The following usable rules [14] were oriented: none

↳ QTRS

  ↳ DependencyPairsProof

    ↳ QDP

      ↳ EdgeDeletionProof

        ↳ QDP

          ↳ DependencyGraphProof

            ↳ AND

              ↳ QDP

              ↳ QDP

              ↳ QDP

              ↳ QDP

              ↳ QDP

              ↳ QDP

                ↳ QDPOrderProof

                  ↳ QDP

                    ↳ PisEmptyProof

              ↳ QDP

Q DP problem:
P is empty.
The TRS R consists of the following rules:

+(0, y) → y
+(s(x), y) → s(+(x, y))
++(nil, ys) → ys
++(:(x, xs), ys) → :(x, ++(xs, ys))
sum(:(x, nil)) → :(x, nil)
sum(:(x, :(y, xs))) → sum(:(+(x, y), xs))
sum(++(xs, :(x, :(y, ys)))) → sum(++(xs, sum(:(x, :(y, ys)))))
-(x, 0) → x
-(0, s(y)) → 0
-(s(x), s(y)) → -(x, y)
quot(0, s(y)) → 0
quot(s(x), s(y)) → s(quot(-(x, y), s(y)))
length(nil) → 0
length(:(x, xs)) → s(length(xs))
hd(:(x, xs)) → x
avg(xs) → quot(hd(sum(xs)), length(xs))

Q is empty.
We have to consider all minimal (P,Q,R)-chains.
The TRS P is empty. Hence, there is no (P,Q,R) chain.

↳ QTRS

  ↳ DependencyPairsProof

    ↳ QDP

      ↳ EdgeDeletionProof

        ↳ QDP

          ↳ DependencyGraphProof

            ↳ AND

              ↳ QDP

              ↳ QDP

              ↳ QDP

              ↳ QDP

              ↳ QDP

              ↳ QDP

              ↳ QDP

Q DP problem:
The TRS P consists of the following rules:

SUM(++(xs, :(x, :(y, ys)))) → SUM(++(xs, sum(:(x, :(y, ys)))))

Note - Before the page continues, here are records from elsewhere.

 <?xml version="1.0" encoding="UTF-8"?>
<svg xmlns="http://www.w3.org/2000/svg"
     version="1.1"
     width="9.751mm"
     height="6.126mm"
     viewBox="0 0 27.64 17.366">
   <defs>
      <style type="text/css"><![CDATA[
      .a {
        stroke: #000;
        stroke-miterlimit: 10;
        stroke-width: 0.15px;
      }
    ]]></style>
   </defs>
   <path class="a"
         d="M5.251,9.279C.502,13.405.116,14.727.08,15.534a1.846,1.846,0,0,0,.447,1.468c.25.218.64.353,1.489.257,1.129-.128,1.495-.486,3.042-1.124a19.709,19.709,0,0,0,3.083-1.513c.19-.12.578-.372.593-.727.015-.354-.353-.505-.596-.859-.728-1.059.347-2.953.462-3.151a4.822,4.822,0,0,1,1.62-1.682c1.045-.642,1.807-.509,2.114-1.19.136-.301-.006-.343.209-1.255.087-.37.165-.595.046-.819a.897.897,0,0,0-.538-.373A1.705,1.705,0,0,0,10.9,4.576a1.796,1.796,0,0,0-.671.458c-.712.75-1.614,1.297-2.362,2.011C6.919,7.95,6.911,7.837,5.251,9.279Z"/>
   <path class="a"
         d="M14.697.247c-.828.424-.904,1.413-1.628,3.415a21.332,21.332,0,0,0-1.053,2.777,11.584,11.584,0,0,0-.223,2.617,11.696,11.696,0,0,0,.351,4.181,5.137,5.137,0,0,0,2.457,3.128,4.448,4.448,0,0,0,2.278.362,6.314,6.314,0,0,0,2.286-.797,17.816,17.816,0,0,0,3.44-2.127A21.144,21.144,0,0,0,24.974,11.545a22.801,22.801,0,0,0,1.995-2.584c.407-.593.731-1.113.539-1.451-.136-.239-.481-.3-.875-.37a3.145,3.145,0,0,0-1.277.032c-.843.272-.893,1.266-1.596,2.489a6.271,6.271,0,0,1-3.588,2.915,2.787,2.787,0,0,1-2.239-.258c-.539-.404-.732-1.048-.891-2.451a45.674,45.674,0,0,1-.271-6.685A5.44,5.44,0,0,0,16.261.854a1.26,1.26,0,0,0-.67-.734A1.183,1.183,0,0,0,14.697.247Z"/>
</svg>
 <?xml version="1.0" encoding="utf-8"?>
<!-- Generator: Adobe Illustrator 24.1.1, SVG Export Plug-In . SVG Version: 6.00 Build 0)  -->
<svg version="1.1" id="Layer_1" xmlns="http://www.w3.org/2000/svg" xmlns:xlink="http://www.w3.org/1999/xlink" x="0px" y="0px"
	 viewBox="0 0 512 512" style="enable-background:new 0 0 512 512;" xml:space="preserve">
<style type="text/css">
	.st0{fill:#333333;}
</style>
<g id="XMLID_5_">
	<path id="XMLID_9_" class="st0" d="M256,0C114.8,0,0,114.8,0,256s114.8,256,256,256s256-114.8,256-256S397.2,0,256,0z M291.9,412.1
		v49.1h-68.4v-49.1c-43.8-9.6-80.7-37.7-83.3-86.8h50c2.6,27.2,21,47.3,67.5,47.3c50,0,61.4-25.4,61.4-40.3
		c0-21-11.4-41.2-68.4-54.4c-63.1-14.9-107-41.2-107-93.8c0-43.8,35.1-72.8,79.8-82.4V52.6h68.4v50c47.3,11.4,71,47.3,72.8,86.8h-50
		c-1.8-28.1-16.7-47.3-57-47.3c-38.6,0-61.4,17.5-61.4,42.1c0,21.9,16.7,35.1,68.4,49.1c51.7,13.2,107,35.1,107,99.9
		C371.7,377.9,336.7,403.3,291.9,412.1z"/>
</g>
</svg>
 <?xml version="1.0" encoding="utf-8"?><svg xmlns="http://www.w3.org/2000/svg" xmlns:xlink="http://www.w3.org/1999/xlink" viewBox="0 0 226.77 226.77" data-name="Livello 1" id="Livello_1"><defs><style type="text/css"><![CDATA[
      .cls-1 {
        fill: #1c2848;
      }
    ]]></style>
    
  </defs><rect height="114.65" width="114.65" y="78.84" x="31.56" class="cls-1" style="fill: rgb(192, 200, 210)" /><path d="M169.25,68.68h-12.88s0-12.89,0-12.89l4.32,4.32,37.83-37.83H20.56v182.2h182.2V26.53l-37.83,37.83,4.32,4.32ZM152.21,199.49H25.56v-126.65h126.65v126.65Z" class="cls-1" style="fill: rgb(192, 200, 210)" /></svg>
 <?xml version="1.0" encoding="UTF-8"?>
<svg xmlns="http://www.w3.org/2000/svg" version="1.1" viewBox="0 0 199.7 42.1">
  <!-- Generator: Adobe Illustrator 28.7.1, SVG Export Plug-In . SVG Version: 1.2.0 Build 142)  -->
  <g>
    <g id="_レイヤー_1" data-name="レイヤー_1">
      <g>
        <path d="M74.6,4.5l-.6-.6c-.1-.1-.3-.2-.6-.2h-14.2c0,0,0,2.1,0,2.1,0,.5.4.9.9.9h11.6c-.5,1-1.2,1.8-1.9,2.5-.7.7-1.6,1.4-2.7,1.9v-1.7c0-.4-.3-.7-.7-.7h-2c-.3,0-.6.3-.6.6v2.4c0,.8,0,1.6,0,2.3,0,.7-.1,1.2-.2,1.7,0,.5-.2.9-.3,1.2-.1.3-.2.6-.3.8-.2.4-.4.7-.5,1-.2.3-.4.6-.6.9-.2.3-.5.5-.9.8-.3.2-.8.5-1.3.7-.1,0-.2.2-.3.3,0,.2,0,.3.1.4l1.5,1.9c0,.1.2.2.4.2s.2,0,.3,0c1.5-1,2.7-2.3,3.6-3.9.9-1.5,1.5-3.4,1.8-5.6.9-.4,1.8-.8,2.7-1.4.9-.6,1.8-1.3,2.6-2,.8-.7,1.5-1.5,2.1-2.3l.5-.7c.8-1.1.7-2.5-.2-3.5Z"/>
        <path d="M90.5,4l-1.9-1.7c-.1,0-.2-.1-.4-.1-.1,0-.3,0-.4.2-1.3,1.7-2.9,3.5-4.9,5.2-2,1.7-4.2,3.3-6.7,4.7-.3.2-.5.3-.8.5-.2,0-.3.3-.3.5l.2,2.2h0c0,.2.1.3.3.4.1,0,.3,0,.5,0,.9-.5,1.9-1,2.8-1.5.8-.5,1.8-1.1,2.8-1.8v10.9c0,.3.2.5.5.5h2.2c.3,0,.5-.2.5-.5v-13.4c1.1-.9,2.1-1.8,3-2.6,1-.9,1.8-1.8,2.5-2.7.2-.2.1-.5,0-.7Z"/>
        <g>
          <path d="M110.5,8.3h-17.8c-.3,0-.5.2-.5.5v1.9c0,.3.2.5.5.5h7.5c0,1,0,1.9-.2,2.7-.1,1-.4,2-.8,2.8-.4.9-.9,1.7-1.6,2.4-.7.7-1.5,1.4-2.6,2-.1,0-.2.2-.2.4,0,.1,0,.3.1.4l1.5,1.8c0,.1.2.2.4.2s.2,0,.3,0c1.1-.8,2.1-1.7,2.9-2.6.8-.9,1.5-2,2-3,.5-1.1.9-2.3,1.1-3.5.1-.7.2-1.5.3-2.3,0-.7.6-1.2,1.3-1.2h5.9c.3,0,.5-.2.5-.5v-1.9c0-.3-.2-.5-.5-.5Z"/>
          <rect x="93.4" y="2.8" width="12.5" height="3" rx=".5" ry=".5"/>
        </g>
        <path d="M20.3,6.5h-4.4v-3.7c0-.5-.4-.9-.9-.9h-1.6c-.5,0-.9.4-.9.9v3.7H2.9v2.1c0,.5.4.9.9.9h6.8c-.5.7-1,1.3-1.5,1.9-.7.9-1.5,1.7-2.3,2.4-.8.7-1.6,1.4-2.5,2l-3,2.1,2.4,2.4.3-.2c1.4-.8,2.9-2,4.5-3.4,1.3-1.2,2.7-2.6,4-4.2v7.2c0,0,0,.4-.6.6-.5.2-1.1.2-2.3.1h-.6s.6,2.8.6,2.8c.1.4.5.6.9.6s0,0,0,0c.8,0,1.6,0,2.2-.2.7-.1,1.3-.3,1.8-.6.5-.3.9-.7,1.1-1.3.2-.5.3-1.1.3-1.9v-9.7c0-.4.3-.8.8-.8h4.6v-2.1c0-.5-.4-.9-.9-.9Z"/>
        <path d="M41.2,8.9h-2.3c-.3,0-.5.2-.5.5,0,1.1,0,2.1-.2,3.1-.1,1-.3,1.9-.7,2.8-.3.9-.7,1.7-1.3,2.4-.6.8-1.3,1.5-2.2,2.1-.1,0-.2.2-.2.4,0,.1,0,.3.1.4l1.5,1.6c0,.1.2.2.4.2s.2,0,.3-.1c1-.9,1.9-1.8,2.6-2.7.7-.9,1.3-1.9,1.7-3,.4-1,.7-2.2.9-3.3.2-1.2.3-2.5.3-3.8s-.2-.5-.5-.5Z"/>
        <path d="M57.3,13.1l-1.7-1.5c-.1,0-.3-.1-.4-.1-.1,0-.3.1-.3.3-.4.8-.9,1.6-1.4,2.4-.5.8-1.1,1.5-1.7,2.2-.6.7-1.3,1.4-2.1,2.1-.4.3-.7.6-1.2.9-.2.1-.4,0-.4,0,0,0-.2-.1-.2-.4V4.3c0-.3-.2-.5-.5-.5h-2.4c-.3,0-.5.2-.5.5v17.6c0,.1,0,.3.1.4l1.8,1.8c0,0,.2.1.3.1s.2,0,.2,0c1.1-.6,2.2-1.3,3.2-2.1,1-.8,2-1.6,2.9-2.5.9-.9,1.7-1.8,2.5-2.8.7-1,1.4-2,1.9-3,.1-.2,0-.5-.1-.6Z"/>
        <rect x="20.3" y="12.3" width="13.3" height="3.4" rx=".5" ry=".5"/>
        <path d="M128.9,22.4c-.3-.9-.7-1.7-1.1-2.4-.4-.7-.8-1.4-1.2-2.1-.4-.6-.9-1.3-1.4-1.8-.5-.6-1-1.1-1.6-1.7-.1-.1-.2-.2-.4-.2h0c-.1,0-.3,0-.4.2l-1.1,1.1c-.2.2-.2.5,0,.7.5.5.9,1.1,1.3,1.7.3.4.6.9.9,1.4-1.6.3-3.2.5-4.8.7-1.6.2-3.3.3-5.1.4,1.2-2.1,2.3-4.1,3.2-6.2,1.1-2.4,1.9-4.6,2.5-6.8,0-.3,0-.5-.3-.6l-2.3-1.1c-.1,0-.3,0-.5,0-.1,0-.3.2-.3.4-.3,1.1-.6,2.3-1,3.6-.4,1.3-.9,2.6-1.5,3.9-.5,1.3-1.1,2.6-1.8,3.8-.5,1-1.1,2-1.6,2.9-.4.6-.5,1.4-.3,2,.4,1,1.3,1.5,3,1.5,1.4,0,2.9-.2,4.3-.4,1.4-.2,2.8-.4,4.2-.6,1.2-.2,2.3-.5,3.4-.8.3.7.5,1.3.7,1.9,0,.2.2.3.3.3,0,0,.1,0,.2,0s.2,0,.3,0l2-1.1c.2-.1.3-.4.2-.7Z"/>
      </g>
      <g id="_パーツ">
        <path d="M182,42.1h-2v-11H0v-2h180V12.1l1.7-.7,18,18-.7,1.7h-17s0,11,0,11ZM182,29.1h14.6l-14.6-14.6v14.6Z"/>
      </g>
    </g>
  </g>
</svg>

The TRS R consists of the following rules:

+(0, y) → y
+(s(x), y) → s(+(x, y))
++(nil, ys) → ys
++(:(x, xs), ys) → :(x, ++(xs, ys))
sum(:(x, nil)) → :(x, nil)
sum(:(x, :(y, xs))) → sum(:(+(x, y), xs))
sum(++(xs, :(x, :(y, ys)))) → sum(++(xs, sum(:(x, :(y, ys)))))
-(x, 0) → x
-(0, s(y)) → 0
-(s(x), s(y)) → -(x, y)
quot(0, s(y)) → 0
quot(s(x), s(y)) → s(quot(-(x, y), s(y)))
length(nil) → 0
length(:(x, xs)) → s(length(xs))
hd(:(x, xs)) → x
avg(xs) → quot(hd(sum(xs)), length(xs))

Q is empty.
We have to consider all minimal (P,Q,R)-chains.